Czy Polacy skończą jak dalekowschodnie ludy, z powodu biedy zmuszone są żyć na ryżu, soi czy zawiesistych warzywnych brejach? Niestety, jest to coraz bardziej realny scenariusz. Jak przewidują eksperci z Instytutu Ekonomiki Rolnictwa i Gospodarki Żywnościowej, czekają nas kolejne podwyżki cen mięsa.
- Z naszych szacunków wynika, że do końca roku cena wieprzowiny oraz wołowiny wzrośnie nawet o 10 procent - mówi w rozmowie z "Super Expressem" prof. Jan Małkowski z IERiGŻ. Jak tłumaczy, zmieni to nasze nawyki żywieniowe. - Wołowiny spożywamy zaledwie około 2 kg rocznie, i tu nawet wzrost cen niewiele zmieni. Inaczej sprawa ma się z wieprzowiną, która stanowi istotny element naszej diety. Przeciętny Polak zjada jej około 42 kilogramów rocznie, ale rosnące ceny sprawią, że już w tym roku spożycie mięsa wieprzowego spadnie o około 2 kg - wyjaśnia profesor.

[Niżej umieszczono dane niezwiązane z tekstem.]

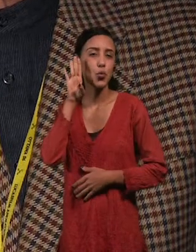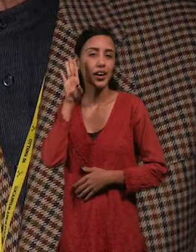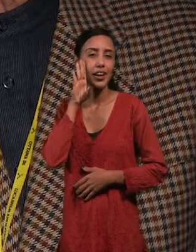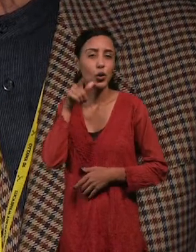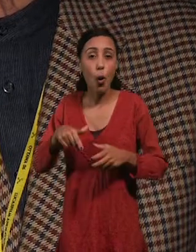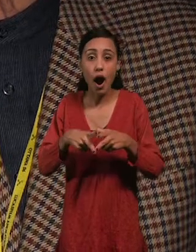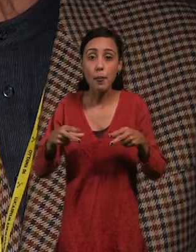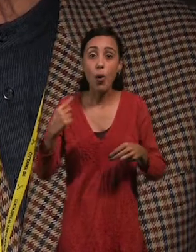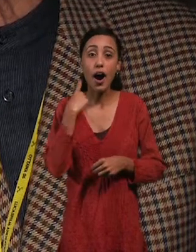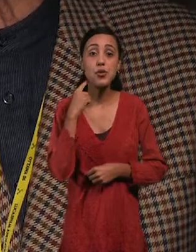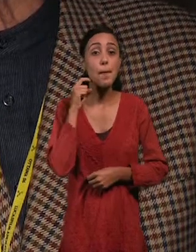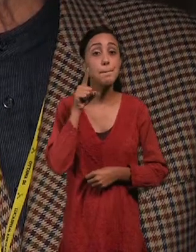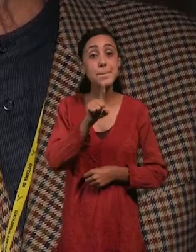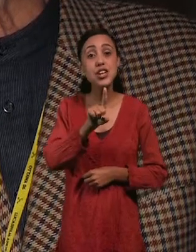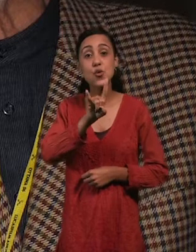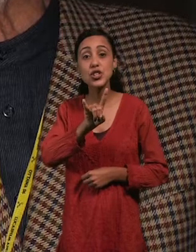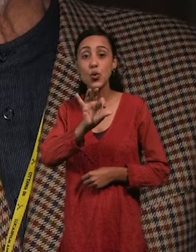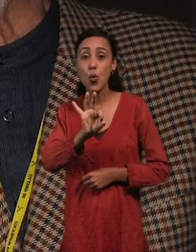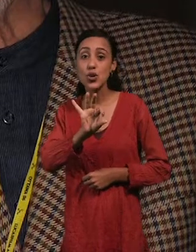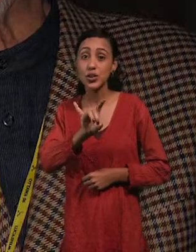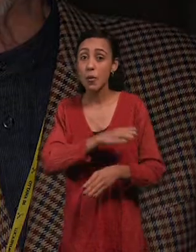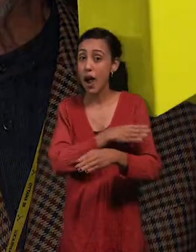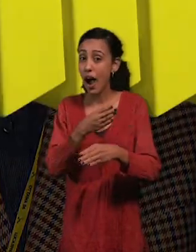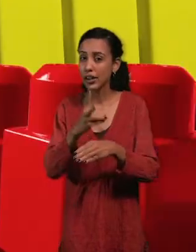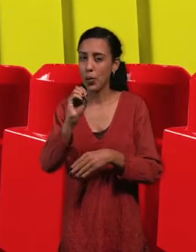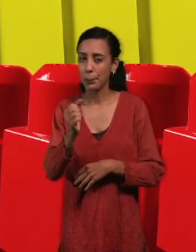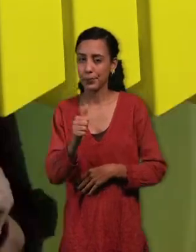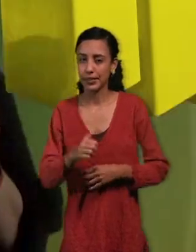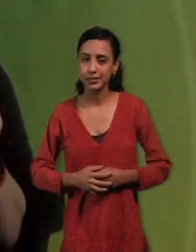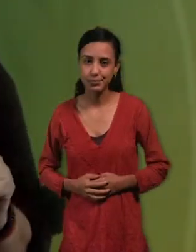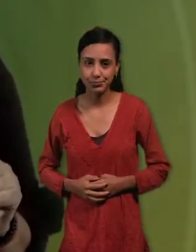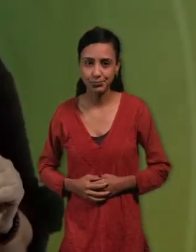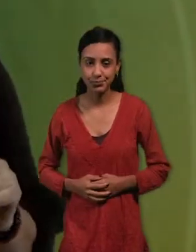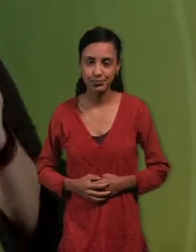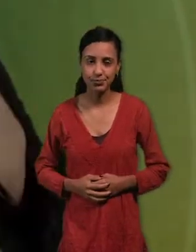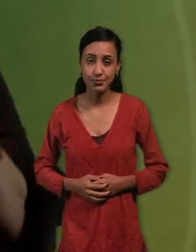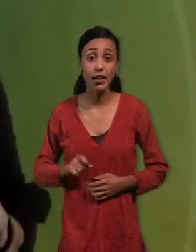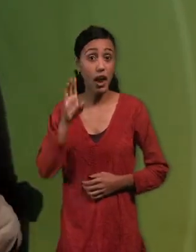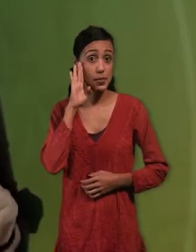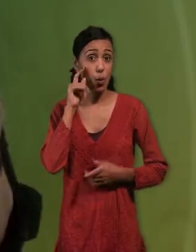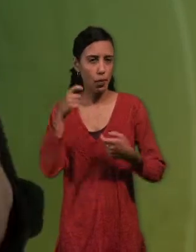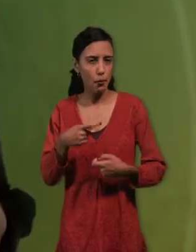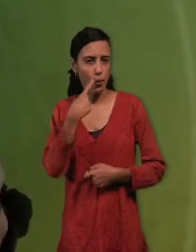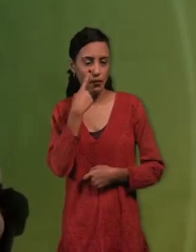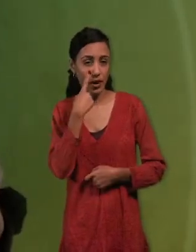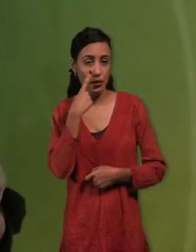desde 1989 hasta 2010. Para la animación, tenemos que tener en cuenta que en el stop motion,
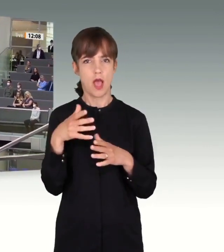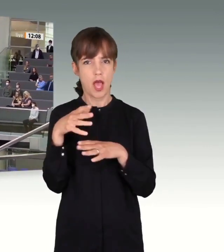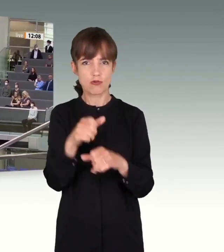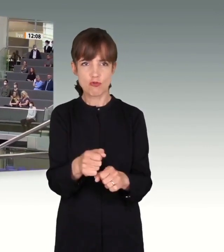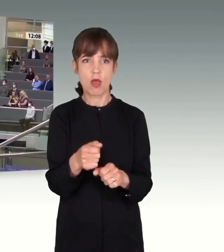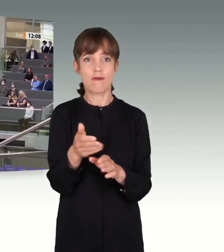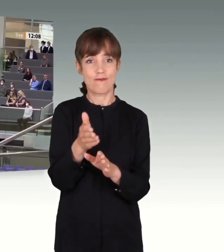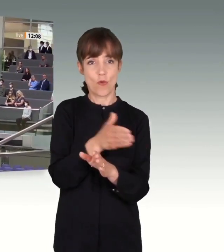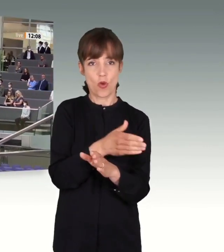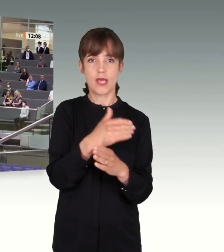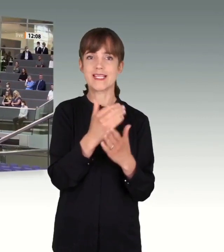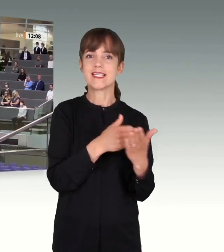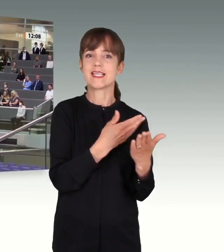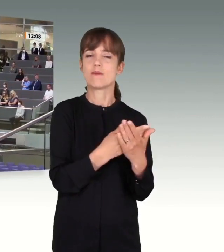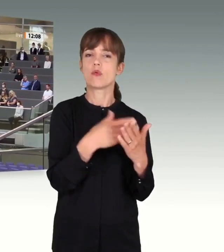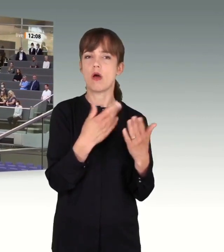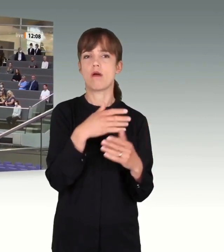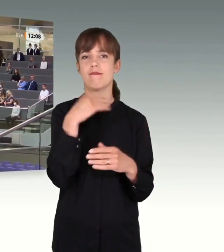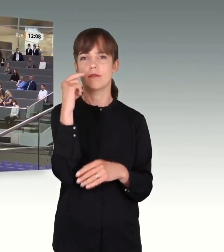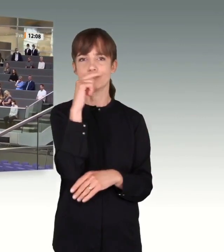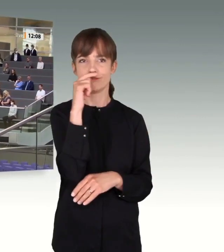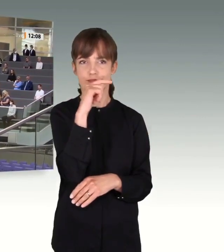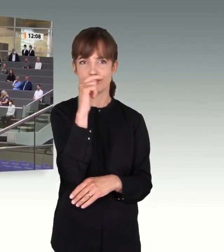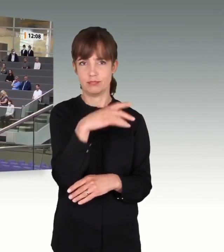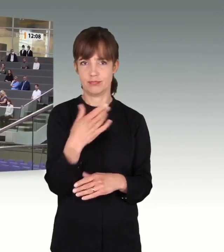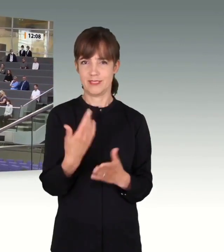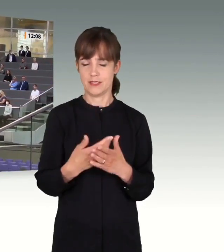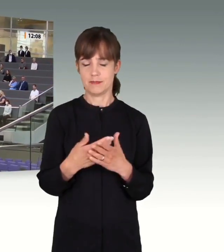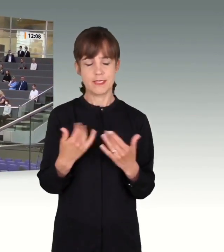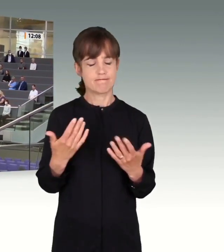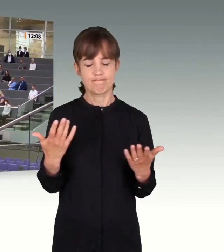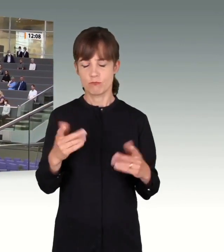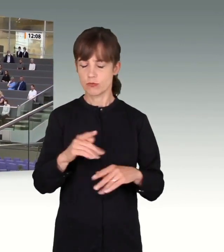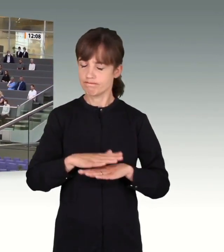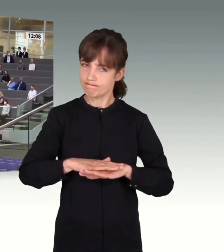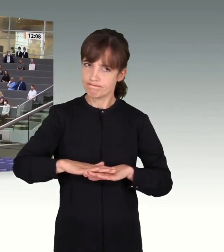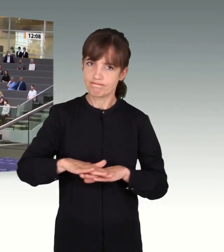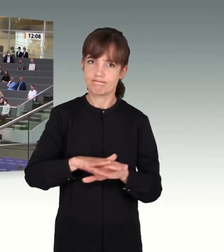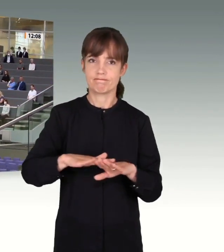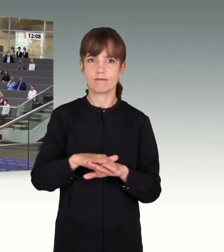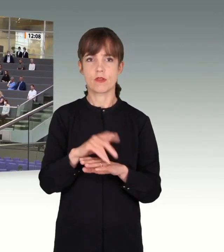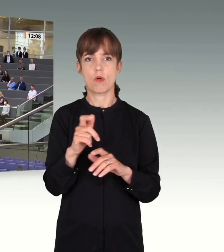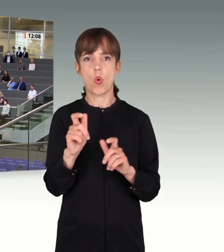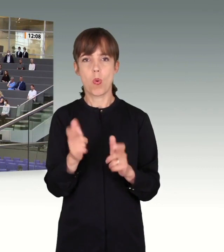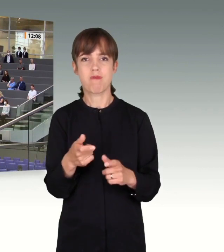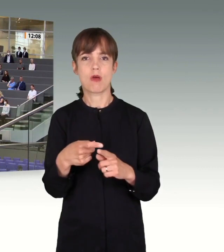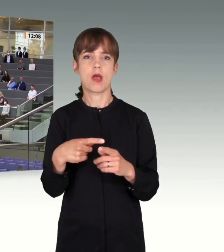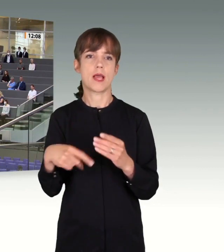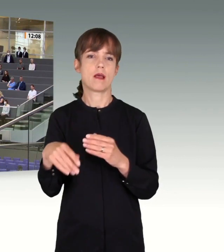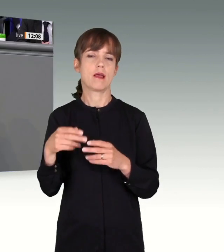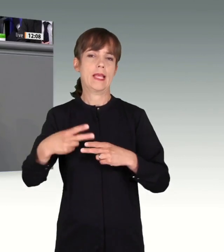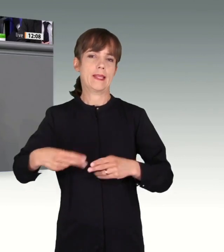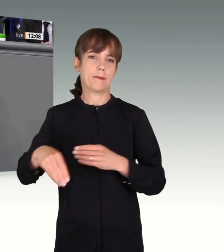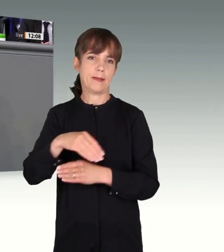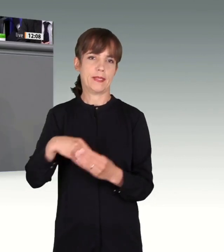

Jego zdaniem na wysokie ceny wpływ ma głównie niska krajowa produkcja oraz wysokie ceny importowanego mięsa oraz pasz. Niestety, w najbliższym czasie nie ma co liczyć na obniżki cen. W 2010 r. wieprzowina również zdrożała o 10 proc. i w następnych latach ma być podobnie.
Na pocieszenie, jak zwykle, zostaje nam stary, dobry ziemniak, którego cena - na razie! - nie wzrasta.